What is needed is an exact copy of every entry below, minus the images.

#### EXTRACTED ENTRIES

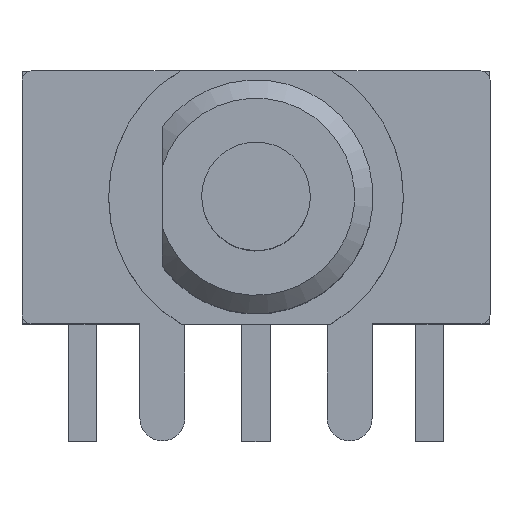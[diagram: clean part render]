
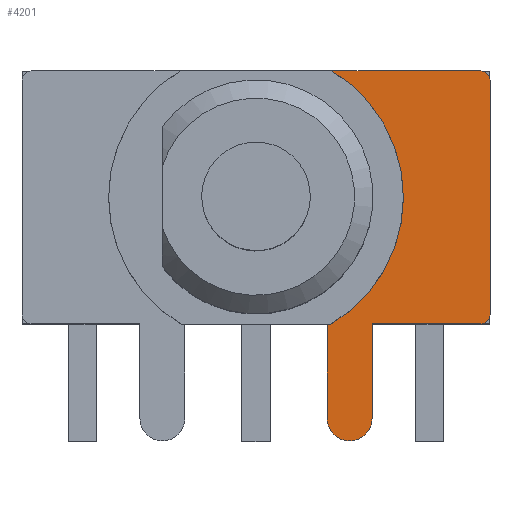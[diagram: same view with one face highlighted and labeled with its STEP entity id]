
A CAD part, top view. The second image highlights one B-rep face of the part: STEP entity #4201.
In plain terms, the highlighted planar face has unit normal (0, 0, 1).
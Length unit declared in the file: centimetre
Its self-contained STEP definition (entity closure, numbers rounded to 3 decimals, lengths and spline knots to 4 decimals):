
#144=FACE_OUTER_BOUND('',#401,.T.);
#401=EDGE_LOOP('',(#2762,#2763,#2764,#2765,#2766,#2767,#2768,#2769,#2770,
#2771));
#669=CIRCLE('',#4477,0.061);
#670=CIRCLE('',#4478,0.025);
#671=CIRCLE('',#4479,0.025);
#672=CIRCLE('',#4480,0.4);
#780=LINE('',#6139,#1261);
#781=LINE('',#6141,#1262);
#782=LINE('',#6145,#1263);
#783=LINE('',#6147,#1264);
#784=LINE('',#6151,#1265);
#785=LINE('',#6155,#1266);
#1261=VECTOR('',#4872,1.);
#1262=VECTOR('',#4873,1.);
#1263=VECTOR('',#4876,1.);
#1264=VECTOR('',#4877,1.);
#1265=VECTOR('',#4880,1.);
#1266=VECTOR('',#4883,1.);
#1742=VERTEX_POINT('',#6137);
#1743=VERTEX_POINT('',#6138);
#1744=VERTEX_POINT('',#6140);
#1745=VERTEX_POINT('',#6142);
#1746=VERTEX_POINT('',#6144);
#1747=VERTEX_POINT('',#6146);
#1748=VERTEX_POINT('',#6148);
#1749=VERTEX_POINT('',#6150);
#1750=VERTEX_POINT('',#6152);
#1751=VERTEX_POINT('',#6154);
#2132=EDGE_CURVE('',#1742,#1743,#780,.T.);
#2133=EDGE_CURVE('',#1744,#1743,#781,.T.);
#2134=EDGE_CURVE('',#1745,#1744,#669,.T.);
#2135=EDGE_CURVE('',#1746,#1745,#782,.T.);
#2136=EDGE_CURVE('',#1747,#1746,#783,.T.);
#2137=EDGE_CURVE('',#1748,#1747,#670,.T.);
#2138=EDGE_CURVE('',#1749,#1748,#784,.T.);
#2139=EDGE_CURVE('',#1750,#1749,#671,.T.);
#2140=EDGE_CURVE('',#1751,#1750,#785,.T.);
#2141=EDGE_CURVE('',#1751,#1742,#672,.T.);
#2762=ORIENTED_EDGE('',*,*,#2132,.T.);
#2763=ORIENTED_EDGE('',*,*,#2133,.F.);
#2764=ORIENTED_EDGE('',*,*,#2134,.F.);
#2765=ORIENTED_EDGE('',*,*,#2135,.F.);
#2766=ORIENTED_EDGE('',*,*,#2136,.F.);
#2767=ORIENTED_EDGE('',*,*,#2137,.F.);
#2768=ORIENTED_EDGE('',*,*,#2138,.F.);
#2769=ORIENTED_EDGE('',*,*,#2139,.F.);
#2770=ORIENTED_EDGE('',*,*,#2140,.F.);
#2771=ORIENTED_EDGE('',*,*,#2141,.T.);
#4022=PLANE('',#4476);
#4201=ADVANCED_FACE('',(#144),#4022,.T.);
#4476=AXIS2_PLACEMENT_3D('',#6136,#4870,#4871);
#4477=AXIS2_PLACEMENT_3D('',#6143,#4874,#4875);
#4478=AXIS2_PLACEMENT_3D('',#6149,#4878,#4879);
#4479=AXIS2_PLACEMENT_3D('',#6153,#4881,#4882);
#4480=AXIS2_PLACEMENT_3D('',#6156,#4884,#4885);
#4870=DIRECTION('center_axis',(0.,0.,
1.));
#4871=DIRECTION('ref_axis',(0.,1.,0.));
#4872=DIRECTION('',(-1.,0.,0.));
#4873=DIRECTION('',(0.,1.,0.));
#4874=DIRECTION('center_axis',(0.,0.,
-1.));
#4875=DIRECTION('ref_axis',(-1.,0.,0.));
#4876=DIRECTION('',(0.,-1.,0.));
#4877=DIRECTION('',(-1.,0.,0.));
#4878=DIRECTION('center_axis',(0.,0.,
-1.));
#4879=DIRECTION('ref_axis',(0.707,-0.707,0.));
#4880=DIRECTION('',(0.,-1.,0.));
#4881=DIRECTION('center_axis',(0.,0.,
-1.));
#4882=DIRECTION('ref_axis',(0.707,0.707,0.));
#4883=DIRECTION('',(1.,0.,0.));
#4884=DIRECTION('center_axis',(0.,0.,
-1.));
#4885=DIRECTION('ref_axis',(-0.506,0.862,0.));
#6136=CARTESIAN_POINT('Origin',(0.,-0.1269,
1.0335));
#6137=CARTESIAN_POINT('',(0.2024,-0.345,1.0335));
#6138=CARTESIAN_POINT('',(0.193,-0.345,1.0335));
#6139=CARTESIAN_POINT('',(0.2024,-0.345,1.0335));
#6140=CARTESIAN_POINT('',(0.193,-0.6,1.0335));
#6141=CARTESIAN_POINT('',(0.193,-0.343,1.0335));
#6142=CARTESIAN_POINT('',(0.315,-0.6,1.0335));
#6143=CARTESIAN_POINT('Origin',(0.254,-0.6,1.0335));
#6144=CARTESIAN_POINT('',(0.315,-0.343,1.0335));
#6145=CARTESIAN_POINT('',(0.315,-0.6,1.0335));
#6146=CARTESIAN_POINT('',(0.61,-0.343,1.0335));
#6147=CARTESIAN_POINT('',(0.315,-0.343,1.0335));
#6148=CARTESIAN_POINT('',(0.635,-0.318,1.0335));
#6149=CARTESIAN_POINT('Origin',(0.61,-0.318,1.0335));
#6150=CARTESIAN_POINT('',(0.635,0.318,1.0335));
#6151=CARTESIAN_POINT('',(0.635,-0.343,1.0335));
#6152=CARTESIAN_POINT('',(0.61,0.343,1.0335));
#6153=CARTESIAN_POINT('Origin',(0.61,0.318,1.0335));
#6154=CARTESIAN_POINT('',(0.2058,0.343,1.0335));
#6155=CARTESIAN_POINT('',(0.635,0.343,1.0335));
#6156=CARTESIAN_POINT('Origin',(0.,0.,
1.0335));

########

*WRITTEN RESPONSE*.
[diagram: clean part render]
[diagram: same view with one face highlighted and labeled with its STEP entity id]
A CAD part, top view. The second image highlights one B-rep face of the part: STEP entity #4201.
In plain terms, the highlighted planar face has unit normal (0, 0, 1).
Length unit declared in the file: centimetre
Its self-contained STEP definition (entity closure, numbers rounded to 3 decimals, lengths and spline knots to 4 decimals):
#144=FACE_OUTER_BOUND('',#401,.T.);
#401=EDGE_LOOP('',(#2762,#2763,#2764,#2765,#2766,#2767,#2768,#2769,#2770,
#2771));
#669=CIRCLE('',#4477,0.061);
#670=CIRCLE('',#4478,0.025);
#671=CIRCLE('',#4479,0.025);
#672=CIRCLE('',#4480,0.4);
#780=LINE('',#6139,#1261);
#781=LINE('',#6141,#1262);
#782=LINE('',#6145,#1263);
#783=LINE('',#6147,#1264);
#784=LINE('',#6151,#1265);
#785=LINE('',#6155,#1266);
#1261=VECTOR('',#4872,1.);
#1262=VECTOR('',#4873,1.);
#1263=VECTOR('',#4876,1.);
#1264=VECTOR('',#4877,1.);
#1265=VECTOR('',#4880,1.);
#1266=VECTOR('',#4883,1.);
#1742=VERTEX_POINT('',#6137);
#1743=VERTEX_POINT('',#6138);
#1744=VERTEX_POINT('',#6140);
#1745=VERTEX_POINT('',#6142);
#1746=VERTEX_POINT('',#6144);
#1747=VERTEX_POINT('',#6146);
#1748=VERTEX_POINT('',#6148);
#1749=VERTEX_POINT('',#6150);
#1750=VERTEX_POINT('',#6152);
#1751=VERTEX_POINT('',#6154);
#2132=EDGE_CURVE('',#1742,#1743,#780,.T.);
#2133=EDGE_CURVE('',#1744,#1743,#781,.T.);
#2134=EDGE_CURVE('',#1745,#1744,#669,.T.);
#2135=EDGE_CURVE('',#1746,#1745,#782,.T.);
#2136=EDGE_CURVE('',#1747,#1746,#783,.T.);
#2137=EDGE_CURVE('',#1748,#1747,#670,.T.);
#2138=EDGE_CURVE('',#1749,#1748,#784,.T.);
#2139=EDGE_CURVE('',#1750,#1749,#671,.T.);
#2140=EDGE_CURVE('',#1751,#1750,#785,.T.);
#2141=EDGE_CURVE('',#1751,#1742,#672,.T.);
#2762=ORIENTED_EDGE('',*,*,#2132,.T.);
#2763=ORIENTED_EDGE('',*,*,#2133,.F.);
#2764=ORIENTED_EDGE('',*,*,#2134,.F.);
#2765=ORIENTED_EDGE('',*,*,#2135,.F.);
#2766=ORIENTED_EDGE('',*,*,#2136,.F.);
#2767=ORIENTED_EDGE('',*,*,#2137,.F.);
#2768=ORIENTED_EDGE('',*,*,#2138,.F.);
#2769=ORIENTED_EDGE('',*,*,#2139,.F.);
#2770=ORIENTED_EDGE('',*,*,#2140,.F.);
#2771=ORIENTED_EDGE('',*,*,#2141,.T.);
#4022=PLANE('',#4476);
#4201=ADVANCED_FACE('',(#144),#4022,.T.);
#4476=AXIS2_PLACEMENT_3D('',#6136,#4870,#4871);
#4477=AXIS2_PLACEMENT_3D('',#6143,#4874,#4875);
#4478=AXIS2_PLACEMENT_3D('',#6149,#4878,#4879);
#4479=AXIS2_PLACEMENT_3D('',#6153,#4881,#4882);
#4480=AXIS2_PLACEMENT_3D('',#6156,#4884,#4885);
#4870=DIRECTION('center_axis',(0.,0.,
1.));
#4871=DIRECTION('ref_axis',(0.,1.,0.));
#4872=DIRECTION('',(-1.,0.,0.));
#4873=DIRECTION('',(0.,1.,0.));
#4874=DIRECTION('center_axis',(0.,0.,
-1.));
#4875=DIRECTION('ref_axis',(-1.,0.,0.));
#4876=DIRECTION('',(0.,-1.,0.));
#4877=DIRECTION('',(-1.,0.,0.));
#4878=DIRECTION('center_axis',(0.,0.,
-1.));
#4879=DIRECTION('ref_axis',(0.707,-0.707,0.));
#4880=DIRECTION('',(0.,-1.,0.));
#4881=DIRECTION('center_axis',(0.,0.,
-1.));
#4882=DIRECTION('ref_axis',(0.707,0.707,0.));
#4883=DIRECTION('',(1.,0.,0.));
#4884=DIRECTION('center_axis',(0.,0.,
-1.));
#4885=DIRECTION('ref_axis',(-0.506,0.862,0.));
#6136=CARTESIAN_POINT('Origin',(0.,-0.1269,
1.0335));
#6137=CARTESIAN_POINT('',(0.2024,-0.345,1.0335));
#6138=CARTESIAN_POINT('',(0.193,-0.345,1.0335));
#6139=CARTESIAN_POINT('',(0.2024,-0.345,1.0335));
#6140=CARTESIAN_POINT('',(0.193,-0.6,1.0335));
#6141=CARTESIAN_POINT('',(0.193,-0.343,1.0335));
#6142=CARTESIAN_POINT('',(0.315,-0.6,1.0335));
#6143=CARTESIAN_POINT('Origin',(0.254,-0.6,1.0335));
#6144=CARTESIAN_POINT('',(0.315,-0.343,1.0335));
#6145=CARTESIAN_POINT('',(0.315,-0.6,1.0335));
#6146=CARTESIAN_POINT('',(0.61,-0.343,1.0335));
#6147=CARTESIAN_POINT('',(0.315,-0.343,1.0335));
#6148=CARTESIAN_POINT('',(0.635,-0.318,1.0335));
#6149=CARTESIAN_POINT('Origin',(0.61,-0.318,1.0335));
#6150=CARTESIAN_POINT('',(0.635,0.318,1.0335));
#6151=CARTESIAN_POINT('',(0.635,-0.343,1.0335));
#6152=CARTESIAN_POINT('',(0.61,0.343,1.0335));
#6153=CARTESIAN_POINT('Origin',(0.61,0.318,1.0335));
#6154=CARTESIAN_POINT('',(0.2058,0.343,1.0335));
#6155=CARTESIAN_POINT('',(0.635,0.343,1.0335));
#6156=CARTESIAN_POINT('Origin',(0.,0.,
1.0335));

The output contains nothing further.